Content starts

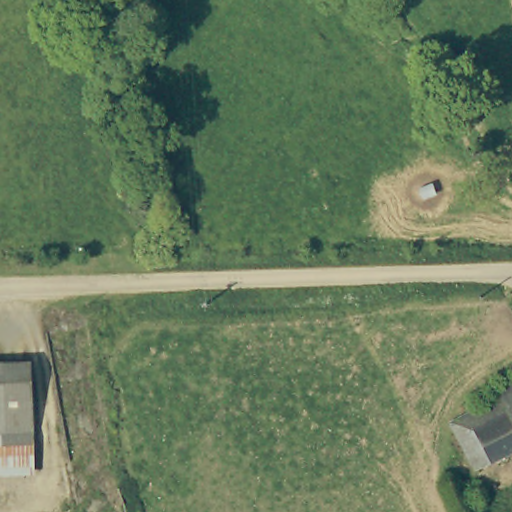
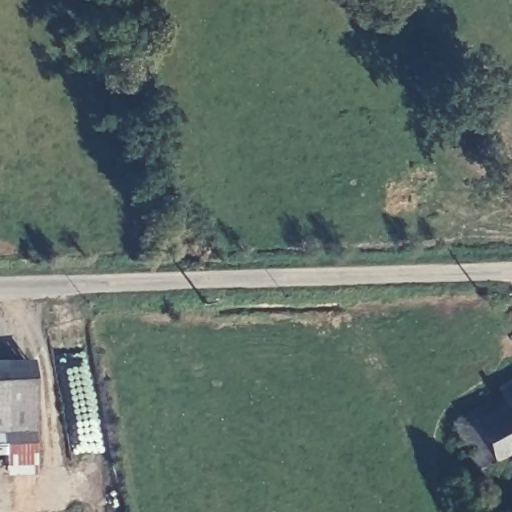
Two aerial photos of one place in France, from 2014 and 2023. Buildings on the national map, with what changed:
unchanged [(27,361),(31,432),(0,433),(0,363),(27,361)]
unchanged [(448,421),(497,395),(494,388),(512,379),(512,449),(486,463),(493,476),(481,483),(473,469),(448,421)]
unchanged [(31,432),(32,461),(0,463),(0,433),(31,432)]

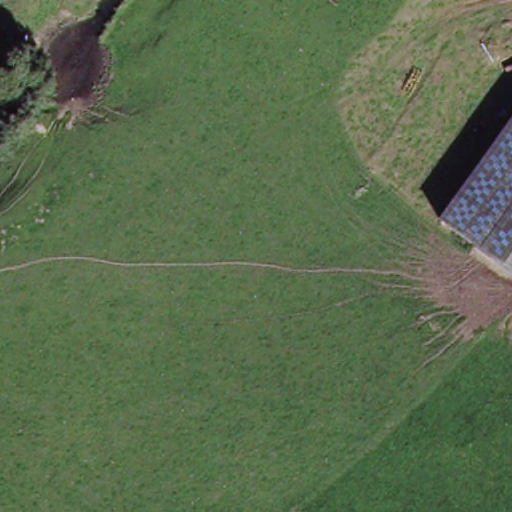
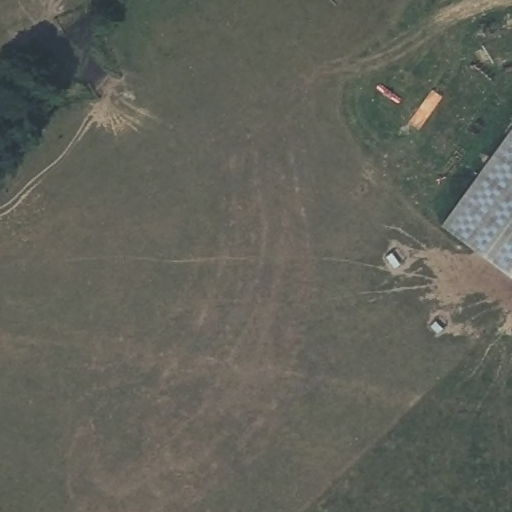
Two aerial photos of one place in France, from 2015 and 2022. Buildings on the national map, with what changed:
unchanged [(459,232),(486,191),(512,152),(512,267),(459,232)]

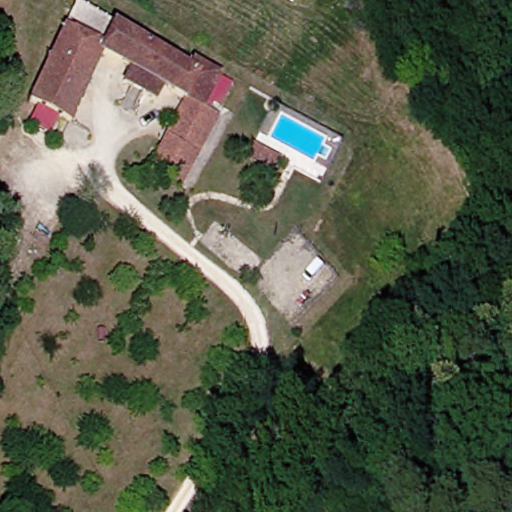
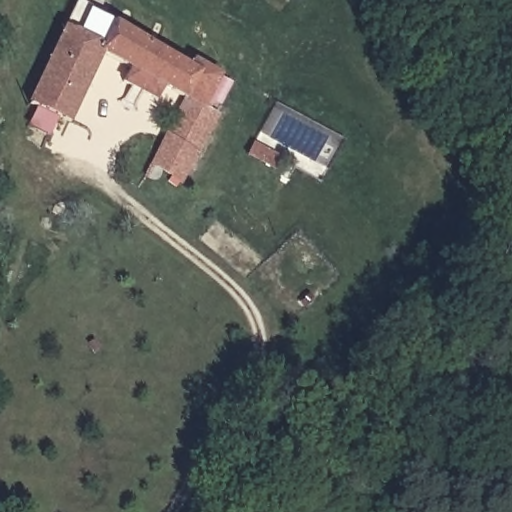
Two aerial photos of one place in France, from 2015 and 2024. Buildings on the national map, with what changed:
unchanged [(127,70),(104,60),(75,122),(37,105),(76,31),(85,12),(120,27),(177,52),(199,64),(202,58),(228,72),(214,101),(202,96),(199,102),(193,100),(160,84),(152,100),(120,85),(127,70)]
unchanged [(187,104),(220,122),(185,182),(155,164),(185,107),(187,104)]

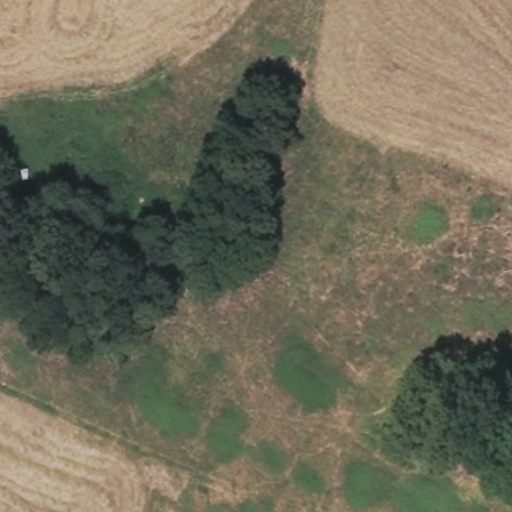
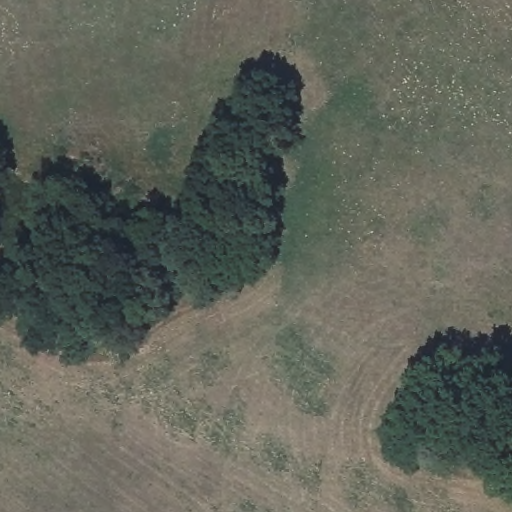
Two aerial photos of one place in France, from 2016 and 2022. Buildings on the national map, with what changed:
unchanged [(181,192),(177,207),(160,204),(165,187),(181,192)]

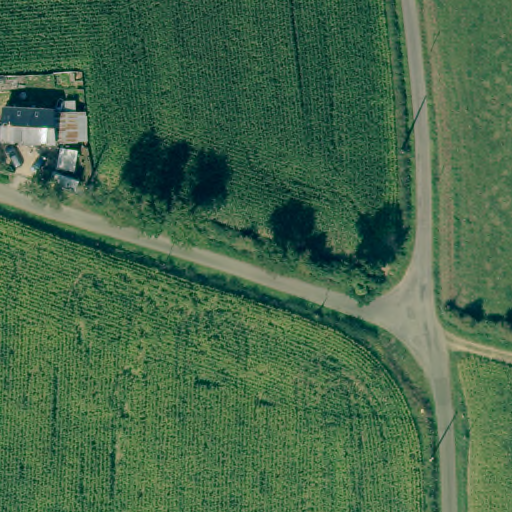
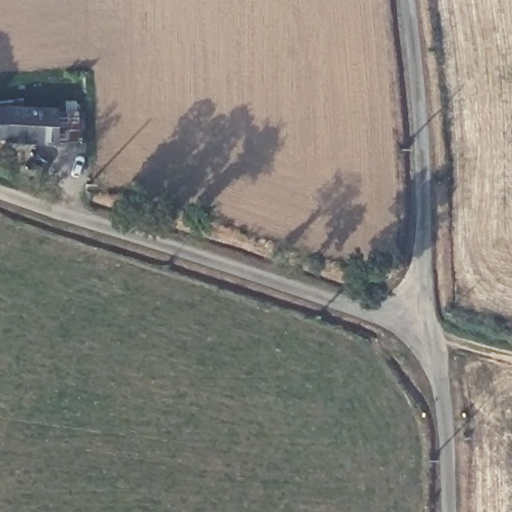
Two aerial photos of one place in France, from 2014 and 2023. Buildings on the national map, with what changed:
unchanged [(75,146),(51,145),(3,143),(4,109),(51,113),(75,116),(75,146)]

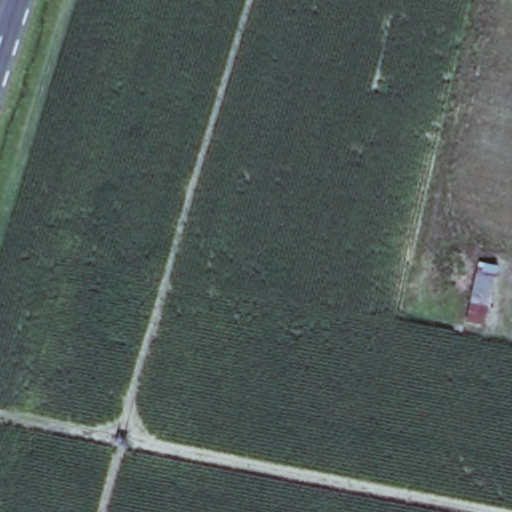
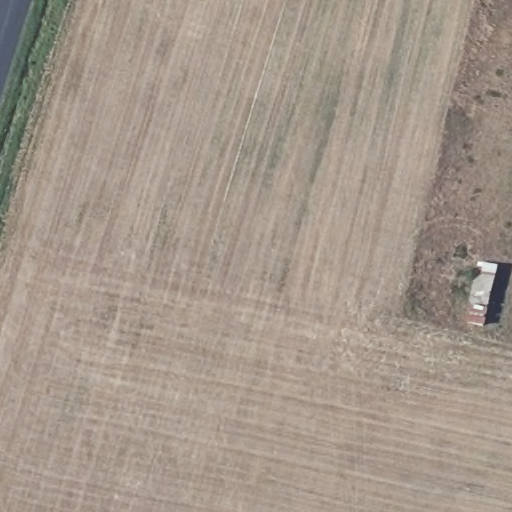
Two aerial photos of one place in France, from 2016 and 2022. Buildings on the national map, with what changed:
unchanged [(507,269),(500,320),(474,316),(482,264),(507,269)]

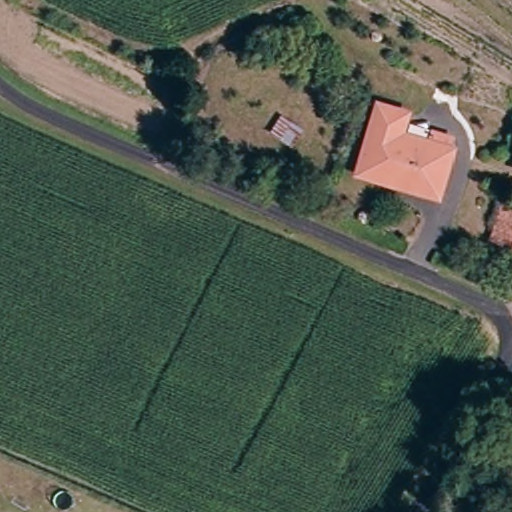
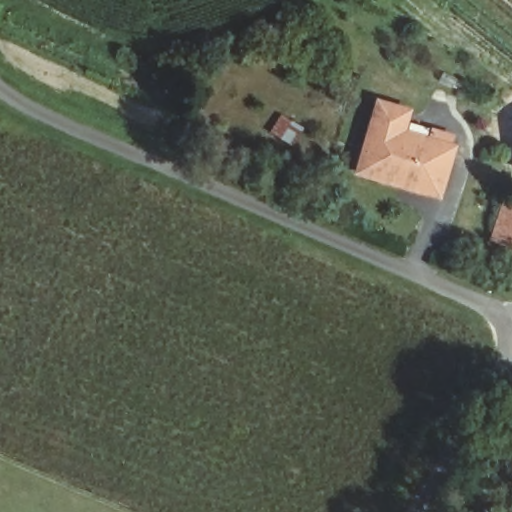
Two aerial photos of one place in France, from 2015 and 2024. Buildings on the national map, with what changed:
unchanged [(400,182),(358,163),(387,100),(409,109),(401,129),(453,152),(438,186),(433,197),(400,182)]
unchanged [(512,196),(512,247),(491,240),(507,194),(512,196)]

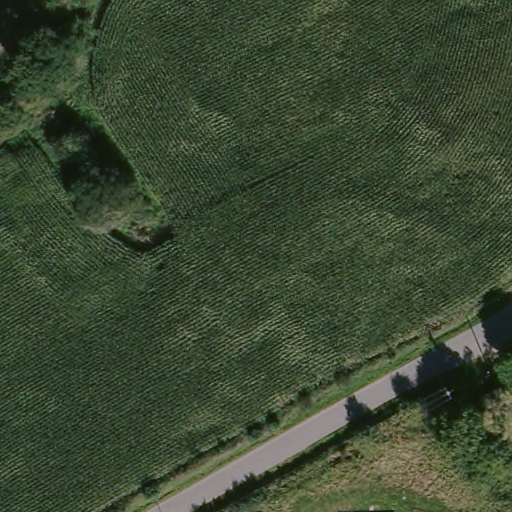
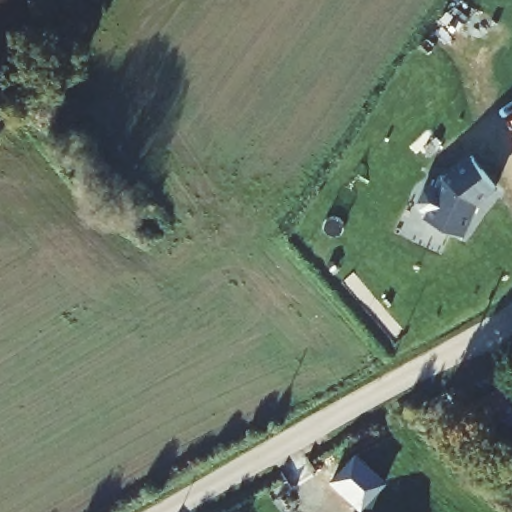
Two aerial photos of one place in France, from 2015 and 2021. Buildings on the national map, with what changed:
new [(497,190),(479,203),(465,236),(424,218),(426,213),(419,210),(416,203),(424,187),(431,185),(437,188),(442,178),(471,156),(497,190)]
unchanged [(508,414),(484,424),(472,399),(497,387),(508,414)]

Content ends

● What to do: Repeat the material above exactly. Leave every picture out of it.

● Task result:
Two aerial photos of one place in France, from 2014 and 2023. Buildings on the national map, with what changed:
unchanged [(27,361),(31,432),(0,433),(0,363),(27,361)]
unchanged [(448,421),(497,395),(494,388),(512,379),(512,449),(486,463),(493,476),(481,483),(473,469),(448,421)]
unchanged [(31,432),(32,461),(0,463),(0,433),(31,432)]

Two aerial photos of one place in France, from 2015 and 2022. Buildings on the national map, with what changed:
unchanged [(459,232),(486,191),(512,152),(512,267),(459,232)]

Two aerial photos of one place in France, from 2015 and 2024. Buildings on the national map, with what changed:
unchanged [(127,70),(104,60),(75,122),(37,105),(76,31),(85,12),(120,27),(177,52),(199,64),(202,58),(228,72),(214,101),(202,96),(199,102),(193,100),(160,84),(152,100),(120,85),(127,70)]
unchanged [(187,104),(220,122),(185,182),(155,164),(185,107),(187,104)]

Two aerial photos of one place in France, from 2016 and 2022. Buildings on the national map, with what changed:
unchanged [(181,192),(177,207),(160,204),(165,187),(181,192)]

Two aerial photos of one place in France, from 2014 and 2023. Buildings on the national map, with what changed:
unchanged [(75,146),(51,145),(3,143),(4,109),(51,113),(75,116),(75,146)]

Two aerial photos of one place in France, from 2016 and 2022. Buildings on the national map, with what changed:
unchanged [(507,269),(500,320),(474,316),(482,264),(507,269)]

Two aerial photos of one place in France, from 2015 and 2024. Buildings on the national map, with what changed:
unchanged [(400,182),(358,163),(387,100),(409,109),(401,129),(453,152),(438,186),(433,197),(400,182)]
unchanged [(512,196),(512,247),(491,240),(507,194),(512,196)]

Two aerial photos of one place in France, from 2015 and 2021. Buildings on the national map, with what changed:
new [(497,190),(479,203),(465,236),(424,218),(426,213),(419,210),(416,203),(424,187),(431,185),(437,188),(442,178),(471,156),(497,190)]
unchanged [(508,414),(484,424),(472,399),(497,387),(508,414)]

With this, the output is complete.